The present invention has been made in view of the above circumstances, and an object thereof is to avoid the risk of tipping over when turning a vehicle body on a sloping ground.

[Means for solving problems]

According to a characteristic configuration of the present invention, a vehicle body inclination detecting means for detecting the inclination of the vehicle body is provided, and the maximum steerable steering angle is smaller when the vehicle body inclination is larger than when the vehicle body inclination is smaller. The maximum steering angle changing means for automatically changing the maximum steerable steering angle based on the information of the vehicle body inclination detecting means is provided, and the operation and effect thereof are as follows.

[Action]

That is, based on the vehicle body inclination detection information by the vehicle body inclination detecting means, the maximum steerable steering angle is automatically changed so that the vehicle body inclination becomes smaller than the vehicle body inclination becomes smaller. (Refer to FIG. 1) Further, as compared with a structure in which the steering operation force becomes larger as the steering angle becomes larger, in this structure, even if the steering operation force becomes large, the steering is further turned off. Since it is possible to operate the angle large alligator, there is no possibility that the vehicle body will fall due to steering on a sloping ground, and the risk of falling does not disappear, but in the present invention, the maximum steering angle itself is Since the vehicle body is regulated so as to prevent the vehicle body from tipping over, when the traveling place is a steep slope, the vehicle cannot fall down suddenly.

〔The invention's effect〕

Therefore, since the maximum steerable steering angle can be changed according to the inclination of the vehicle body, the vehicle body falls over when the vehicle body turns on a sloping ground, and particularly when the vehicle travels down a sloping ground. This makes it possible to avoid the problem that the vehicle body falls over when running on a sloping ground.

〔Example〕

 Embodiments of the present invention will be described below with reference to the drawings.

As shown in FIGS. 4 and 5, the seat (2), the handle (H), and the transmission (M) are provided on the rear side of the body frame (1) below the vehicle body (V), and on the front side. An engine (E) is provided respectively, front and rear steering wheels (3F), (3R) are provided at the lower part of the machine body frame (1), and a disc type cutting blade is provided at an intermediate portion between the front and rear wheels (3F), (3R). A lawn mowing device (4) having an interior is suspended so that it can move up and down, and thus a four-wheel drive lawnmower working vehicle is configured.

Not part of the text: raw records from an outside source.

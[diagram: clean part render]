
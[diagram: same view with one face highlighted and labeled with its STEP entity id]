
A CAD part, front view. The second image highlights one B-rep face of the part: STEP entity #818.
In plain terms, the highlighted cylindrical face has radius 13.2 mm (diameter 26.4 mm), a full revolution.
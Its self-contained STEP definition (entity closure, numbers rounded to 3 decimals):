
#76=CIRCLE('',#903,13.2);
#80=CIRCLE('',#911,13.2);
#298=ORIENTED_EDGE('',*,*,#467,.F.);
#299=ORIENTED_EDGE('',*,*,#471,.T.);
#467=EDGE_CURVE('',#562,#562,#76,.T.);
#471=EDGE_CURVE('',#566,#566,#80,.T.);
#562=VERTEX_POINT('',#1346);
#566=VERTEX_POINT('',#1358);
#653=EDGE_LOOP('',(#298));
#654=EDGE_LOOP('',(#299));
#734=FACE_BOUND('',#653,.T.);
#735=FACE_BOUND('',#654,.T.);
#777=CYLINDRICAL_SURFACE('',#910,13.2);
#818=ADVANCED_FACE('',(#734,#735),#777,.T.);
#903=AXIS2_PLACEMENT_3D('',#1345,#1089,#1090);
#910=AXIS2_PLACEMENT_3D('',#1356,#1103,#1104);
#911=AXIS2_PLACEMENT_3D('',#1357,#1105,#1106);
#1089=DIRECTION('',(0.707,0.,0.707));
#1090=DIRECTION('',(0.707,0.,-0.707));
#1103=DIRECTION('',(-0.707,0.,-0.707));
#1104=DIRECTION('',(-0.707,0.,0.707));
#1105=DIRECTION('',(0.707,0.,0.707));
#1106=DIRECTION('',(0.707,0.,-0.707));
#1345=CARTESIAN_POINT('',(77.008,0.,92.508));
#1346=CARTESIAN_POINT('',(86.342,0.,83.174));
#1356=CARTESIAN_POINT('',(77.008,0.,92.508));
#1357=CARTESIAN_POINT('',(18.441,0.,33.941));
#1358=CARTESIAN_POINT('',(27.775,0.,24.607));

A scanning sensor (5) for detecting the boundary (L) between the unprocessed work site (B) and the already processed work site (C) at the tip of the frame (6) fixed to the lawnmower (4). When the work vehicle is automatically controlled as will be described later, the lawnmower (4) is set to the unprocessed work site (B) and the unprocessed work site based on the detection information of the scanning sensor (5). The steering control is performed so as to move along the boundary (L) with (C). The scanning sensors (5) are provided on both lateral side portions and front and rear side portions of the vehicle body, and these sensors (5) are used to position the vehicle body (V) with respect to the traveling direction of the vehicle body and the boundary (L). It is configured so that it can be selectively used by.

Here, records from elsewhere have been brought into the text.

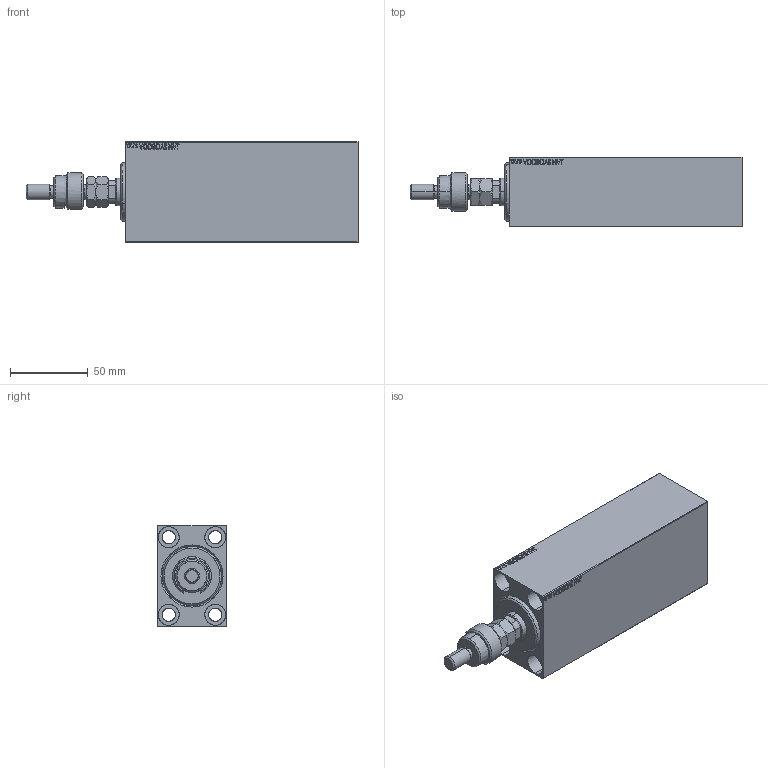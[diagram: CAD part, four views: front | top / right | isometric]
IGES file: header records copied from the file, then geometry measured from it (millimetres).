
Start section: SolidWorks IGES file using analytic representation for surfaces
Global section: file name: 24d4.IGS; native system: SolidWorks 2019; preprocessor: SolidWorks 2019; author: Model3D; date: 240212.082742; units: millimetre
Bounding box: 214 x 45 x 65 mm (x, y, z)
Surface area: 88453.5 mm2 (no closed solid volume)
Topology: 0 solids, 0 shells, 947 faces, 13350 edges, 13348 vertices
Faces by surface type: bspline 820, revolution 127

A driven wheel (7A) that rotates with the traveling of the vehicle body (V) is provided at the rear part of the vehicle body (V), and a distance sensor (7) that generates a pulse signal each time the driven wheel (7A) rotates by a predetermined angle. Is provided, and the traveling distance can be detected based on the pulse signal. Further, on the upper part of the vehicle body, there is provided a geomagnetic sensor type azimuth sensor (8) for detecting the traveling direction (azimuth) of the vehicle body (V) by sensing a change in the intensity of the geomagnetism.

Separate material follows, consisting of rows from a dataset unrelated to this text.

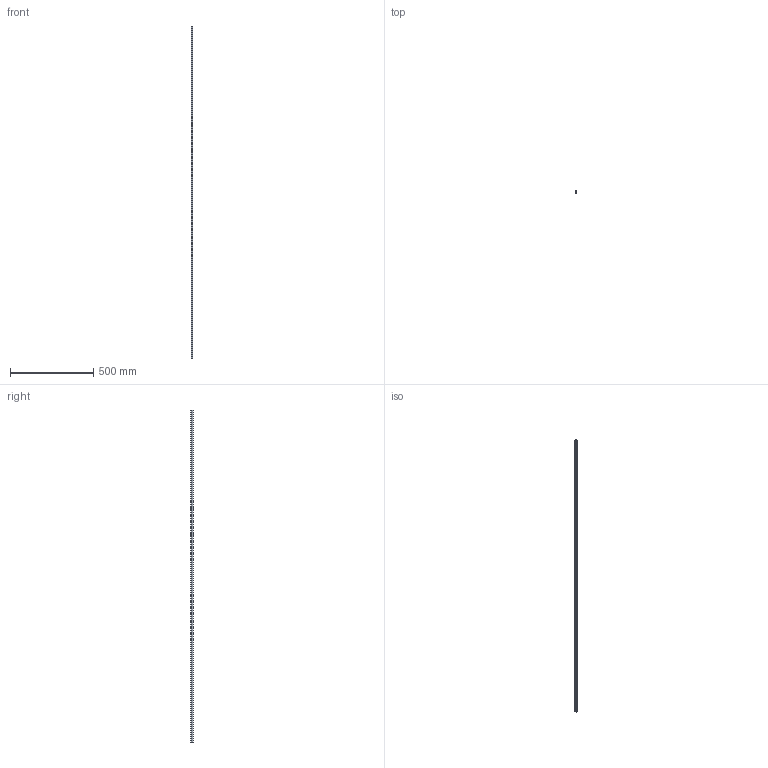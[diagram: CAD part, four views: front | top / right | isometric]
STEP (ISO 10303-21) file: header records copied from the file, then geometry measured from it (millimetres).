
FILE_DESCRIPTION (( 'STEP AP214' ), '1' );
FILE_NAME ('6221010', '2019-02-04T08:18:20', ( '' ), ('JUGARD+KÜNSTNER GmbH'), 'SwSTEP 2.0', 'SolidWorks 2017', '' );
FILE_SCHEMA (( 'AUTOMOTIVE_DESIGN' ));
Length unit declared in the file: millimetre
Products named in the file (1): 6221010_CNAJF00
Bounding box: 11.36 x 13 x 2000 mm (x, y, z)
Volume: 61210.1 mm3; surface area: 171252.5 mm2
Topology: 1 solids, 1 shells, 29 faces, 85 edges, 58 vertices
Faces by surface type: plane 16, cylinder 13
Entity records: 1011 total; most frequent: CARTESIAN_POINT 173, DIRECTION 171, ORIENTED_EDGE 170, EDGE_CURVE 85, LINE 59, VECTOR 59, VERTEX_POINT 58, AXIS2_PLACEMENT_3D 56

As shown in FIG. 3, the output of the engine (E) is transmitted to a hydraulic continuously variable transmission (9) for traveling speed change provided in the transmission section (M). The transmission (9) is manually operated by a speed change pedal (not shown), and
At the time of remote control or automatic control, gear shifting operation is performed by a motor with reduction gear (10) as a traveling gear shifting actuator. The output of the transmission (9) is the differentials (3a) and (3b) of the front and rear wheels (3F) and (3R).
And to the lawn mower (4),
Therefore, the front and rear wheels (3F), (3R) and the lawnmower (4) are configured to be simultaneously driven.

The gear shift operation position of the motor (10) is detected by a potentiometer (R ₃ ) that is interlocked with the rotation of the gear shift operation shaft (11) of the gear shift device (9), and the detection information is fed back to the control device (12). I am doing it.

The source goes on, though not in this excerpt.